** Entries provided follows **

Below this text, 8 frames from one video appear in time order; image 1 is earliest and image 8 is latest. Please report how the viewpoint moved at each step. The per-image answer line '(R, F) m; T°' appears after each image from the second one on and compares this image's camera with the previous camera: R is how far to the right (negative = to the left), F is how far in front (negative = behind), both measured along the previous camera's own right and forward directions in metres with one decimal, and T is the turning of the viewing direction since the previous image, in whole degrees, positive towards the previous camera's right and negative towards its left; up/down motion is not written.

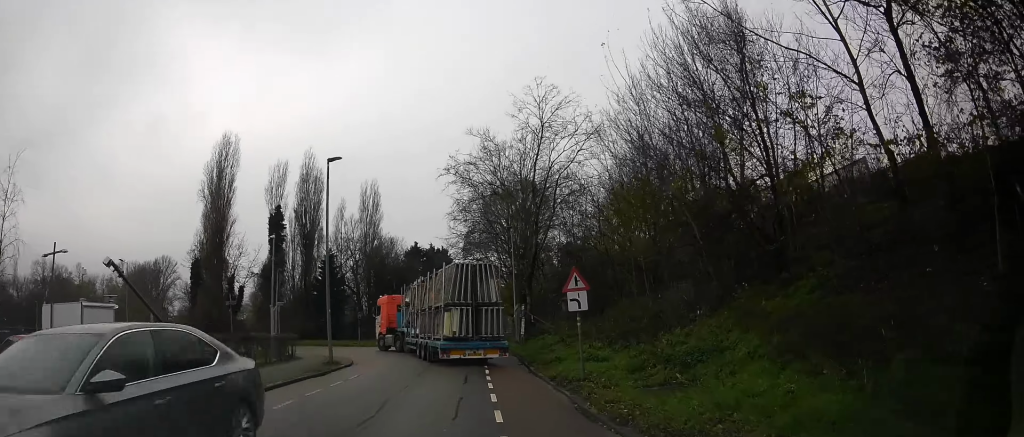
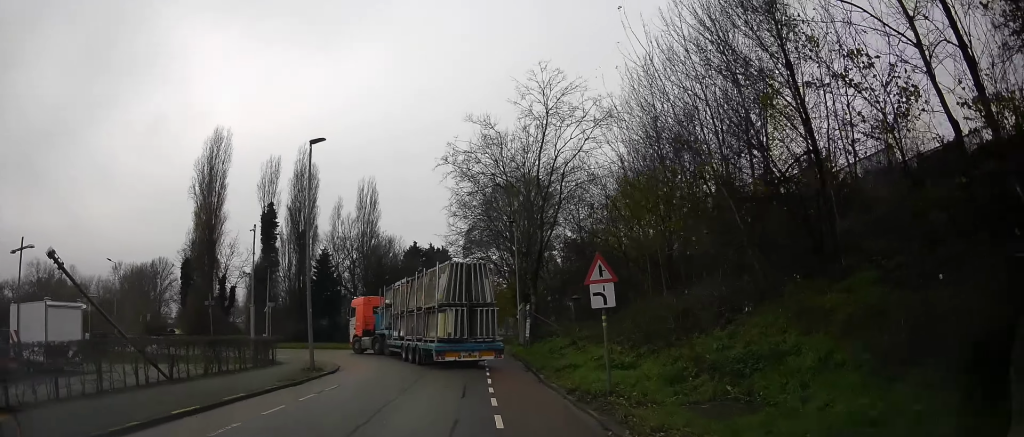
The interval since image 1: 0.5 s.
(+0.6, +2.2) m; 0°
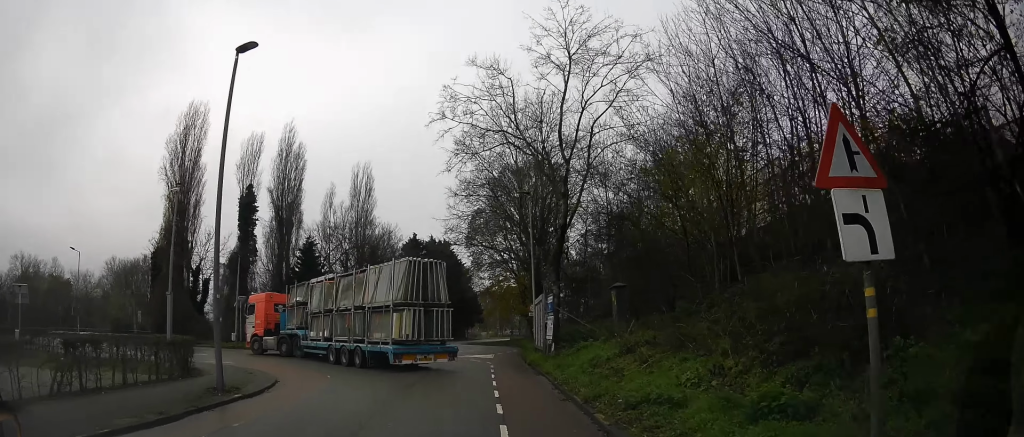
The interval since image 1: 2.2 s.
(-0.2, +6.7) m; +1°
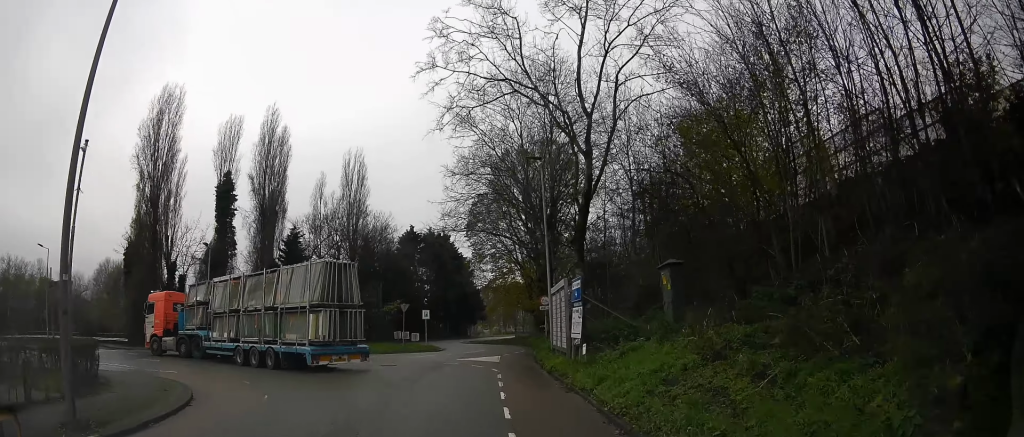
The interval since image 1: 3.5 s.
(-0.9, +5.0) m; -9°
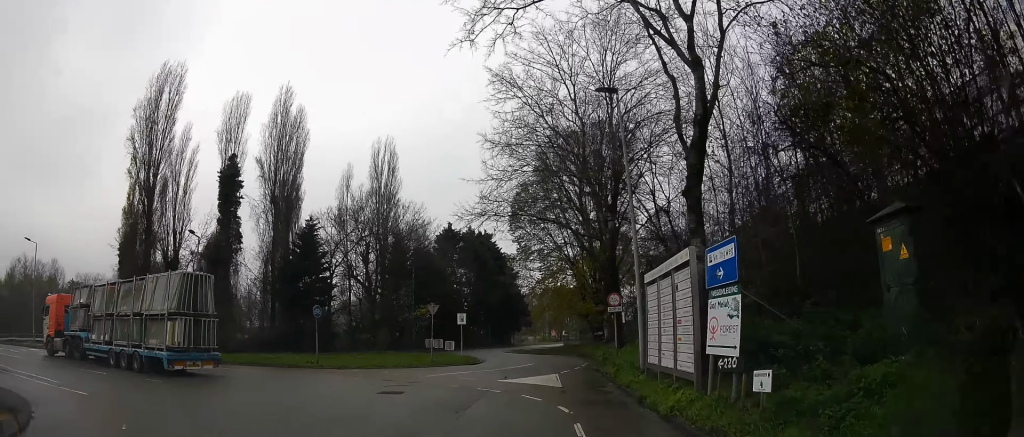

** End of Entries provided **

What you need to do — The pictures in the entries above should be left out; all else must be copied exactly.

Solution to this exercise —
Below this text, 8 frames from one video appear in time order; image 1 is earliest and image 8 is latest. Please report how the viewpoint moved at each step. The per-image answer line '(R, F) m; T°' appears after each image from the second one on and compares this image's camera with the previous camera: R is how far to the right (negative = to the left), F is how far in front (negative = behind), both measured along the previous camera's own right and forward directions in metres with one decimal, and T is the turning of the viewing direction since the previous image, in whole degrees, positive towards the previous camera's right and negative towards its left; up/down motion is not written.

The interval since image 1: 0.5 s.
(+0.6, +2.2) m; 0°
The interval since image 1: 2.2 s.
(-0.2, +6.7) m; +1°
The interval since image 1: 3.5 s.
(-0.9, +5.0) m; -9°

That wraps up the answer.